┌──

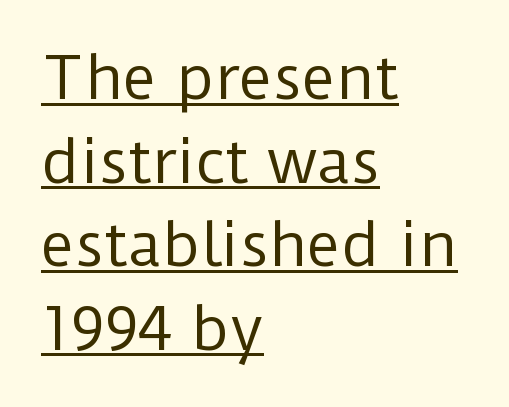
Q: Is the text bold? A: No.
Q: Is the text italic (slanted)? A: No, it is upright.
Q: Is the typeface a serif or a sans-serif typeface? A: Sans-serif.
Q: Is the text underlined? A: Yes.
Q: How is the paragraph aligned? A: Left-aligned.
Q: Is the spacing between letters normal or unusually wide? A: Normal.
Q: Is the spacing between lines tight, normal or loose? A: Normal.
Q: Width (condensed, normal, or wide)? A: Normal.
Q: Stroke contrast? A: Low.
Q: x-height? A: Medium.
Q: Monospaced? A: No.

└──

Once the line containing "Q: How is the" is found, print it and every line after it through the end of the listing, exactly and alone.

Q: How is the paragraph aligned? A: Left-aligned.
Q: Is the spacing between letters normal or unusually wide? A: Normal.
Q: Is the spacing between lines tight, normal or loose? A: Normal.
Q: Width (condensed, normal, or wide)? A: Normal.
Q: Stroke contrast? A: Low.
Q: x-height? A: Medium.
Q: Monospaced? A: No.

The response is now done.